Savtegin (d. 1084) was a prominent emir of the early Seljuk Empire, during the reigns of Tughril I, Alp Arslan, and Malik-Shah I. His full name in Arabic, as given by Münejjim Bāshī Ahmad Effendi, was 'Imād ad-Dawlah Sarhang Sāw Takīn. He first appears in sources during the reign of Tughril I, when he was sent as an ambassador when rumors arose that Ibrahim Yinal would rebel. He later took part in the campaign against Arslan Besasîrî, a Turkic commander under the Buyids who had captured the Abbasid caliph al-Qa'im.
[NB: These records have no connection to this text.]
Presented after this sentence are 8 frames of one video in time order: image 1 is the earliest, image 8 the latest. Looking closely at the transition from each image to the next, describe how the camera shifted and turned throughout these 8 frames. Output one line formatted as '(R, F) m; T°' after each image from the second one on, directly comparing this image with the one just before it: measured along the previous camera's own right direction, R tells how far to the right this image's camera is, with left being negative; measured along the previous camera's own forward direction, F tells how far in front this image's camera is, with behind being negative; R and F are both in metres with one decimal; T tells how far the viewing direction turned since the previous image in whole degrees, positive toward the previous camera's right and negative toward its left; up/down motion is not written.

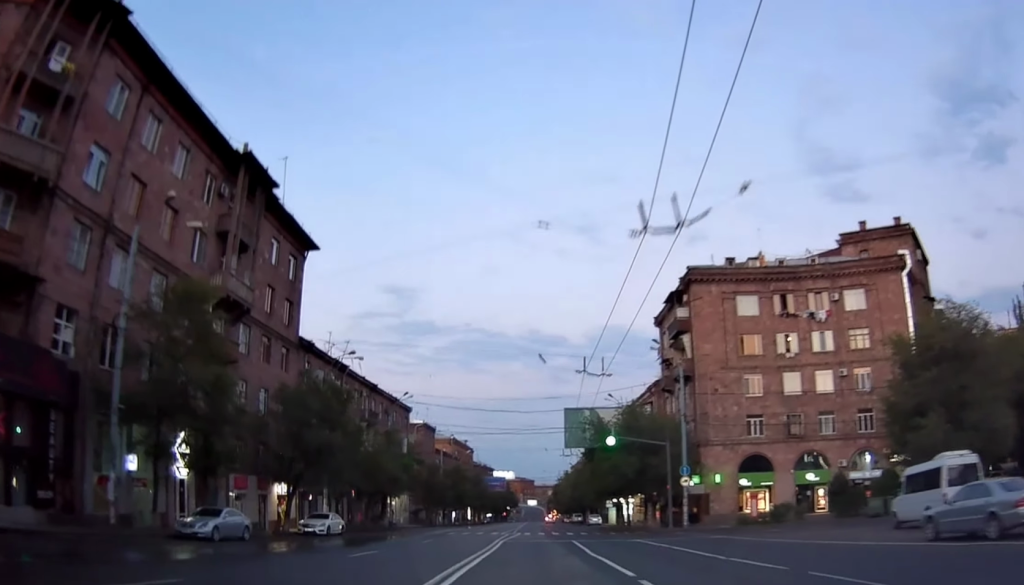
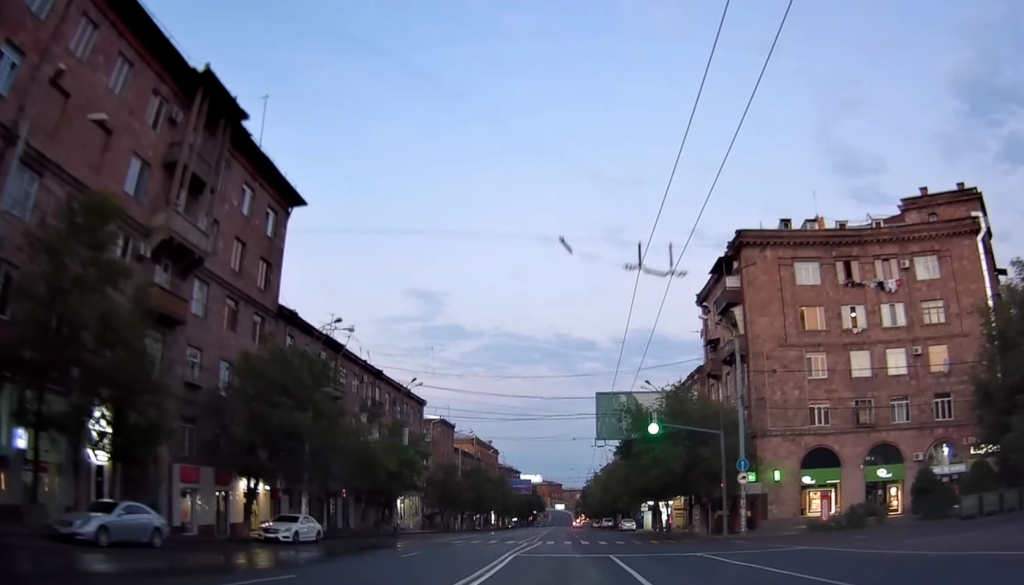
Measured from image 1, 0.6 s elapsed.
(-0.3, +8.9) m; -4°
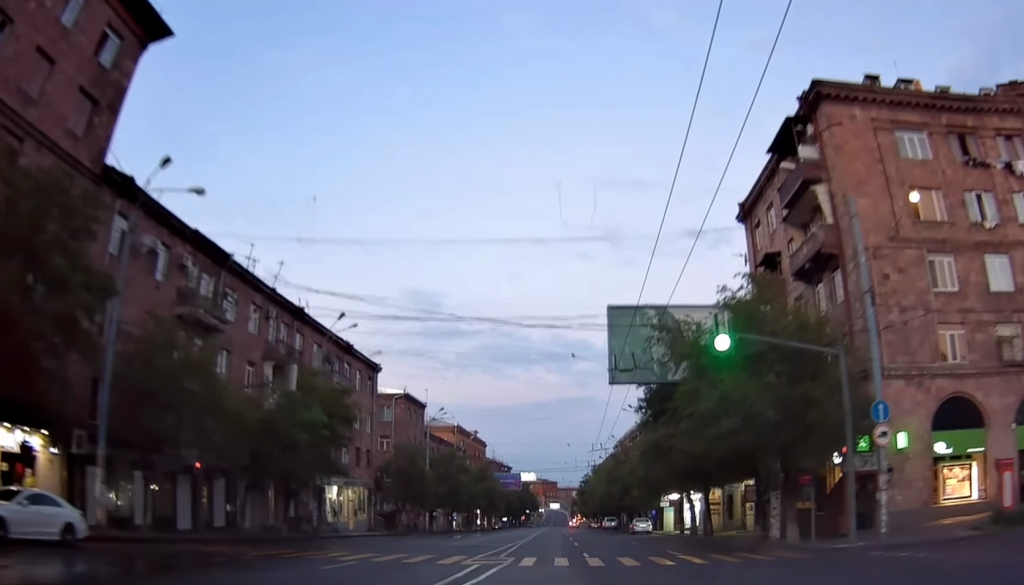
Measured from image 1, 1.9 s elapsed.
(-0.8, +19.1) m; -3°
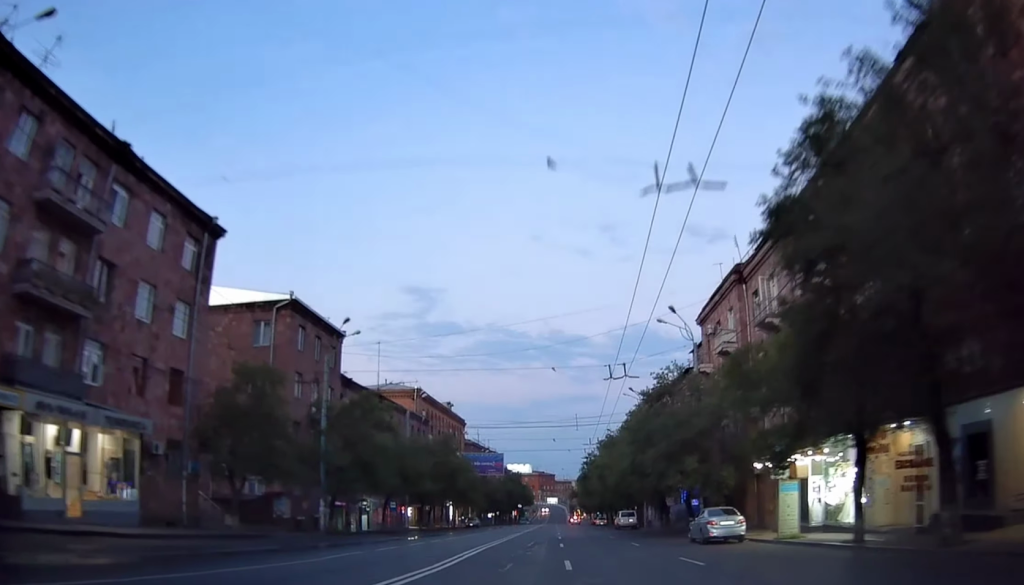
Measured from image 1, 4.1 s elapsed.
(+0.6, +32.4) m; +2°
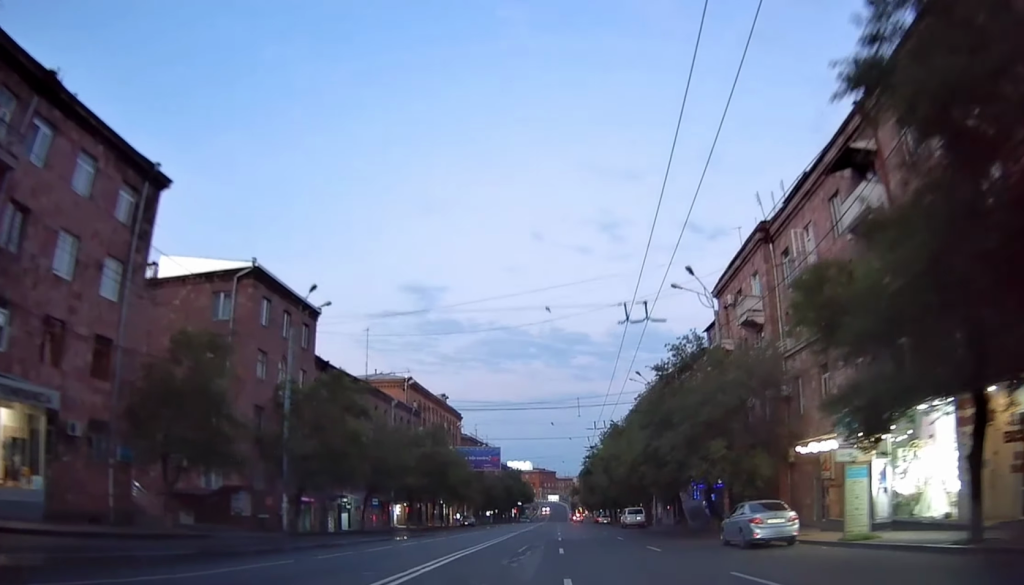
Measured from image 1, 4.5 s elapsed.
(0.0, +6.1) m; 0°
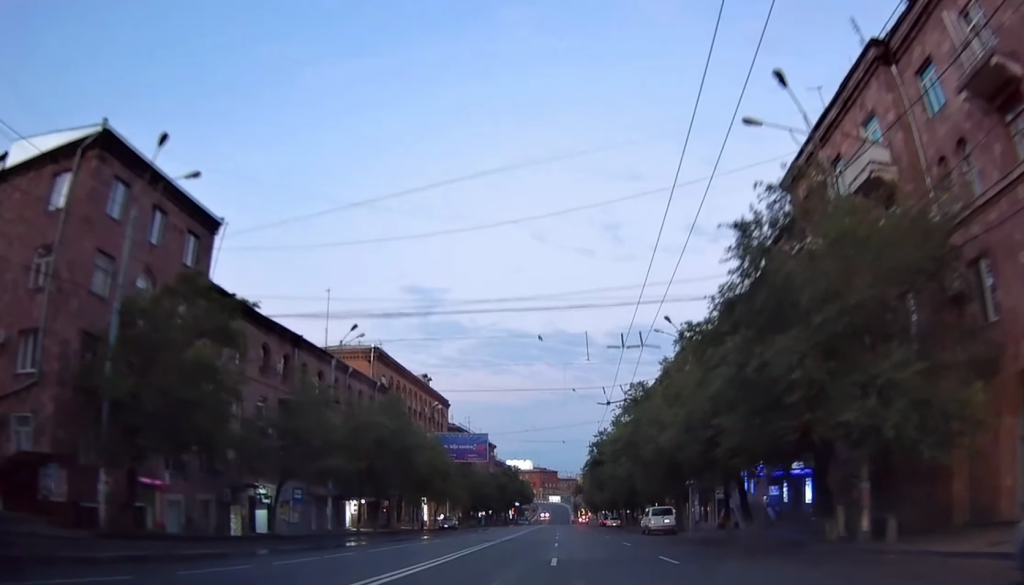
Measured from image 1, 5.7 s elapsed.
(-0.1, +17.0) m; -2°
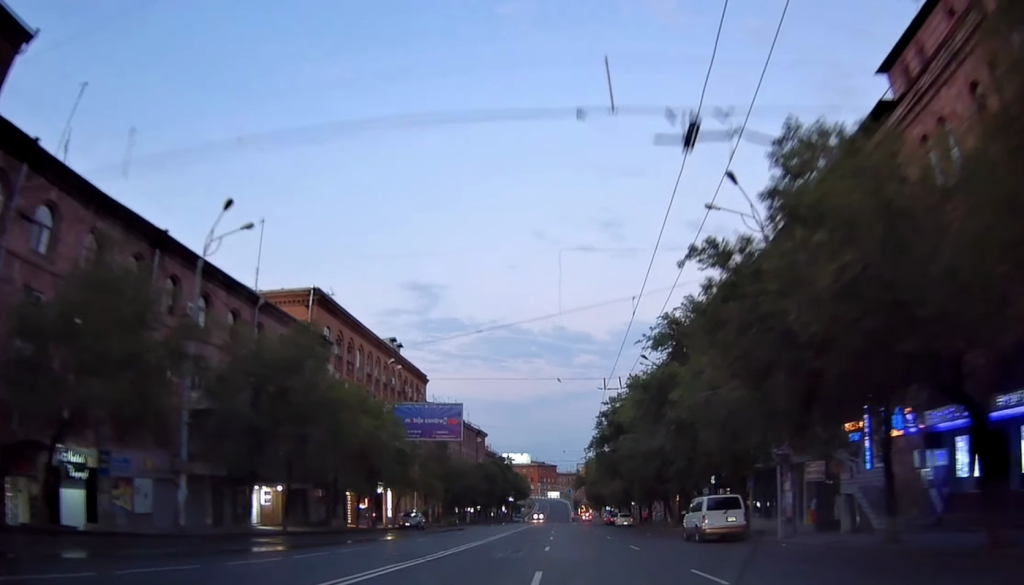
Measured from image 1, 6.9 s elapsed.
(-0.4, +18.3) m; 0°
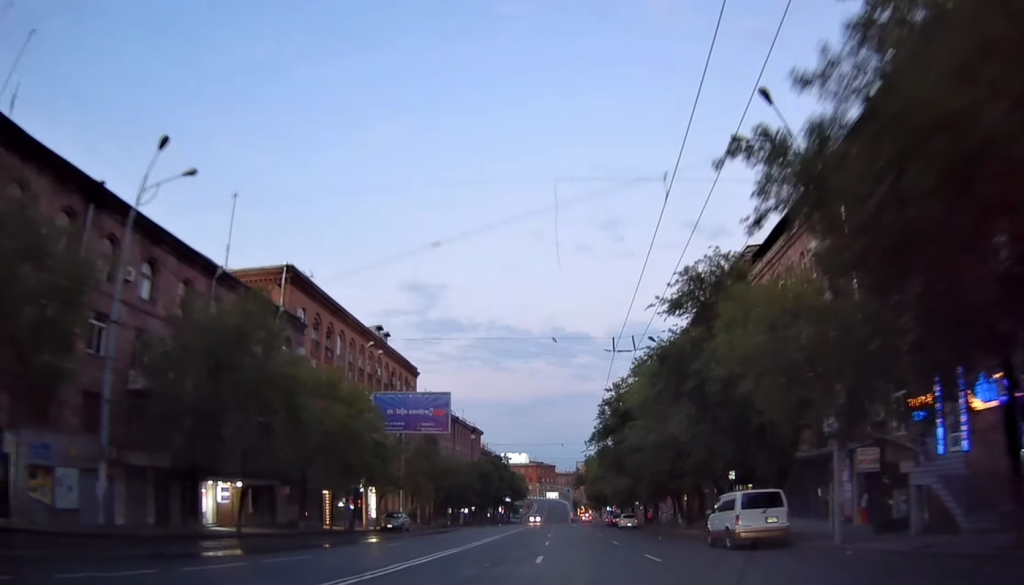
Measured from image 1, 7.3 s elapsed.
(+0.3, +5.9) m; -1°

Arslan Besasîrî was killed in battle on 18 January 1060. Later, in April–May 1061, Savtegin was part of the delegation sent to Baghdad to negotiate a marriage between Tughril and al-Qa'im's daughter Sayyida (Arslan Khatun, daughter of Tughril's brother Chaghri Beg, and the vizier Amid al-Mulk Kondori were also part of this delegation).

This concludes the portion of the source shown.